Like Saturday Night Fever, Perfect was based on a magazine think- piece.

Maybe sensing it would go the same way and be as big a hit, Travolta set about promoting it with unabashed enthusiasm. He did over 500 interviews, in which he tried to project an image of cynical detachment. The film bombed.

Jamie Lee Curtis's career was not affected. But then she hadn't undertaken 500 interviews in which she came across as a prat.

Travolta was seriously damaged by Perfect. An actor who responds best to admiration, he retreated into a shell, pursued by publicity about his alleged gayness (he married soon after they began to appear) and his over-eating (a chocolate obsession pushed him over 16 stone at one stage).
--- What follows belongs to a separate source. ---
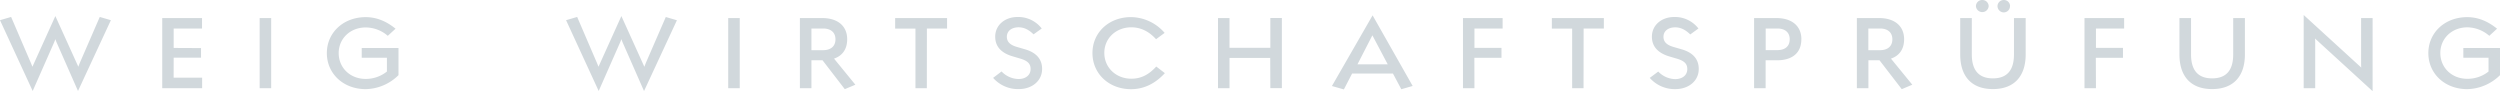 <svg xmlns="http://www.w3.org/2000/svg" viewBox="0 0 1140.36 41.54"><defs><style>.cls-1{fill:#d1d8dc;}</style></defs><g id="Ebene_2" data-name="Ebene 2"><g id="Ebene_1-2" data-name="Ebene 1"><g id="Gruppe_52" data-name="Gruppe 52"><path id="Pfad_21" data-name="Pfad 21" class="cls-1" d="M14.91,41.5l9.57-21.7a20.24,20.24,0,0,0,.77-1.95,19.74,19.74,0,0,0,.79,2L35.58,41.5l15-32.29L45.51,7.73,36.73,27.94c-.35.78-.74,1.78-1,2.5L25.25,7.33,14.79,30.44c-.28-.68-.66-1.66-1-2.41L5.07,7.73,0,9.21ZM79.22,26.32H91.7V21.93l-12.48-.06V13H92.15V8.24H74v32h18.2v-4.8h-13Zm39.22,13.92h5.26v-32h-5.26Zm58.45-23.9,3.54-3.25c-4.44-3.62-9-5.27-13.6-5.27-10.24,0-17.74,7.1-17.74,16.41s7.46,16.43,17.74,16.43a21.79,21.79,0,0,0,14.94-6.38l0-12.38H165l0,4.43h11.49v6.3A15.43,15.43,0,0,1,166.83,36c-7.22,0-12.34-5.18-12.34-11.78s5.24-11.7,12.34-11.7A15.53,15.53,0,0,1,176.89,16.34Z"></path><path id="Pfad_20" data-name="Pfad 20" class="cls-1" d="M273.09,41.5l9.57-21.7a18,18,0,0,0,.78-1.95,19.74,19.74,0,0,0,.79,2l9.54,21.68,15-32.29-5.07-1.48-8.78,20.21c-.34.78-.73,1.78-1,2.5L283.44,7.33,273,30.44c-.28-.68-.66-1.66-1-2.41l-8.73-20.3-5.06,1.48Zm59.08-1.26h5.26v-32h-5.26Zm58-1.6-9.73-11.9c3.82-1.31,6-4.3,6-8.83,0-6.17-4.47-9.67-11.38-9.67H364.87v32h5.26V27.5h5.07l10.15,13.17ZM370.13,13h5.3c3.4,0,5.66,1.67,5.66,4.94s-2.26,4.95-5.66,4.95h-5.3ZM422.8,13H432V8.24H408.32l0,4.8h9.26v27.2h5.19Zm48.63,2.68L475.18,13a13.51,13.51,0,0,0-11-5.25c-5.93,0-10.24,3.81-10.22,9,0,4.48,2.8,7.5,8.14,9l3.17.94c3.43,1,4.86,2.36,4.83,4.82,0,2.68-2.15,4.5-5.43,4.53a10.89,10.89,0,0,1-7.81-3.45L453,35.52a15.13,15.13,0,0,0,11.66,5.12c6.17,0,10.71-3.82,10.69-9.21,0-4.54-2.76-7.54-8-9l-3.43-1c-3.18-.91-4.63-2.35-4.65-4.64,0-2.6,2.07-4.3,5.31-4.34,2.43,0,4.63,1,6.9,3.25Zm59.9,17.67-3.9-3c-3.49,3.8-7,5.55-11.38,5.55-7,0-12.32-5.07-12.32-11.77s5.35-11.67,12.32-11.67c4.21,0,8,1.8,11.28,5.43L531.24,15A20.63,20.63,0,0,0,515.93,7.8c-10.1,0-17.61,7-17.61,16.39s7.46,16.49,17.61,16.49c5.76,0,10.94-2.46,15.4-7.3Zm48.13,6.86h5.26v-32h-5.26V21.79H560.83V8.24h-5.25v32h5.26V26.44H579.4Zm59.74.49,5.18-1.49L626.1,7,607.55,39.24,613,40.78l3.75-7.23,18.64,0ZM626,16.11,633,29.33l-13.79,0Zm46.52,10.27h12.37V21.82H672.56V13h12.85V8.24H667.33v32h5.23ZM722.36,13h9.23V8.24H707.87l0,4.8h9.26v27.2h5.19ZM771,15.71,774.73,13a13.51,13.51,0,0,0-11-5.25c-5.94,0-10.24,3.81-10.22,9,0,4.48,2.8,7.5,8.14,9.05l3.16.93c3.44,1,4.87,2.36,4.84,4.82,0,2.68-2.15,4.5-5.43,4.54a11,11,0,0,1-7.82-3.45l-3.87,2.89a15.13,15.13,0,0,0,11.66,5.12c6.17,0,10.71-3.83,10.68-9.21,0-4.54-2.75-7.55-8-9l-3.43-1c-3.19-.91-4.64-2.35-4.66-4.63,0-2.6,2.08-4.31,5.32-4.34C766.52,12.47,768.71,13.46,771,15.71Zm50.69,2.2c0-6.17-4.48-9.67-11.38-9.67H800.12v32h5.26V27.5h5.19c6.94,0,11.1-3.33,11.1-9.59Zm-5.33,0c0,3.34-2.25,4.95-5.65,4.95h-5.3V13h5.3c3.4,0,5.66,1.67,5.66,4.94Zm55.92,20.73-9.73-11.9c3.82-1.31,6-4.3,6-8.83,0-6.17-4.48-9.67-11.39-9.67H847v32h5.26V27.5h5.07l10.15,13.17ZM852.23,13h5.3c3.4,0,5.66,1.67,5.66,4.94s-2.26,4.95-5.66,4.95h-5.3ZM907.12,2.8A2.86,2.86,0,0,0,904.2,0h0a2.84,2.84,0,0,0-2.89,2.78v0a2.91,2.91,0,0,0,5.81,0Zm9.76,0A2.8,2.8,0,0,0,914.07,0h0a2.84,2.84,0,0,0-2.92,2.76v0A2.9,2.9,0,0,0,914,5.66a2.86,2.86,0,0,0,2.85-2.85ZM924,24.85V8.24h-5.34V24.85c0,7-3,10.9-9.62,10.9s-9.61-3.92-9.61-10.92V8.24h-5.29V24.82c0,9.86,5.06,15.81,14.91,15.81S924,34.63,924,24.85Zm32,1.53h12.38V21.82H956.06V13h12.85V8.24H950.83v32h5.23Zm68-1.53V8.24h-5.34V24.85c0,7-3,10.9-9.62,10.9s-9.61-3.92-9.61-10.92V8.24h-5.29V24.82c0,9.86,5.06,15.81,14.91,15.81s14.95-6,14.95-15.78Zm32-7.27,26.25,24V8.24H1077V28.62c0,.79,0,1.58.09,2.22l-26.28-24V40.24h5.26V19.91a22.38,22.38,0,0,0-.09-2.32Zm79.48-1.24,3.54-3.25c-4.45-3.62-9-5.27-13.6-5.27-10.25,0-17.74,7.1-17.74,16.41s7.46,16.43,17.73,16.43a21.81,21.81,0,0,0,14.95-6.38l0-12.38h-16.72l0,4.43h11.49v6.3a15.44,15.44,0,0,1-9.66,3.32c-7.21,0-12.33-5.18-12.33-11.78s5.24-11.7,12.33-11.7A15.55,15.55,0,0,1,1135.48,16.34Z"></path></g></g></g></svg>

At the same time, actors like Tom Cruise, Kevin Costner, Charlie Sheen even, arrived to cream off the better scripts, leaving him to fight for the straight-to-video stuff. He was rescued financially by the Look Who's Talking cycle of films which began in 1989. Formulaic, sappy, cosy, though, they were hardly likely to resuscitate the critical corpse that was his career.

Men have generally been less convinced by Travolta than women. While Pauline Kael enthused about his 'thick raw sensuality', the film critic David Thomson said he owned, 'a gaunt narcissistic face flabby with self- pity and butterfly lips'.

But Quentin Tarantino had always been a fan. And when his original choice for the part of Vincent, Michael Madsen, went off to make Wyatt Earp instead, Tarantino called up the hero of his youth. Travolta's lack of credibility meant he would take the part that had been turned down by someone else; he did not require, as De Niro or Pacino might, one tailor-written for him. And maybe that is the strength of his performance.

Revelling in a part rather than a vehicle, he has been able to show, once more, what an actor he is.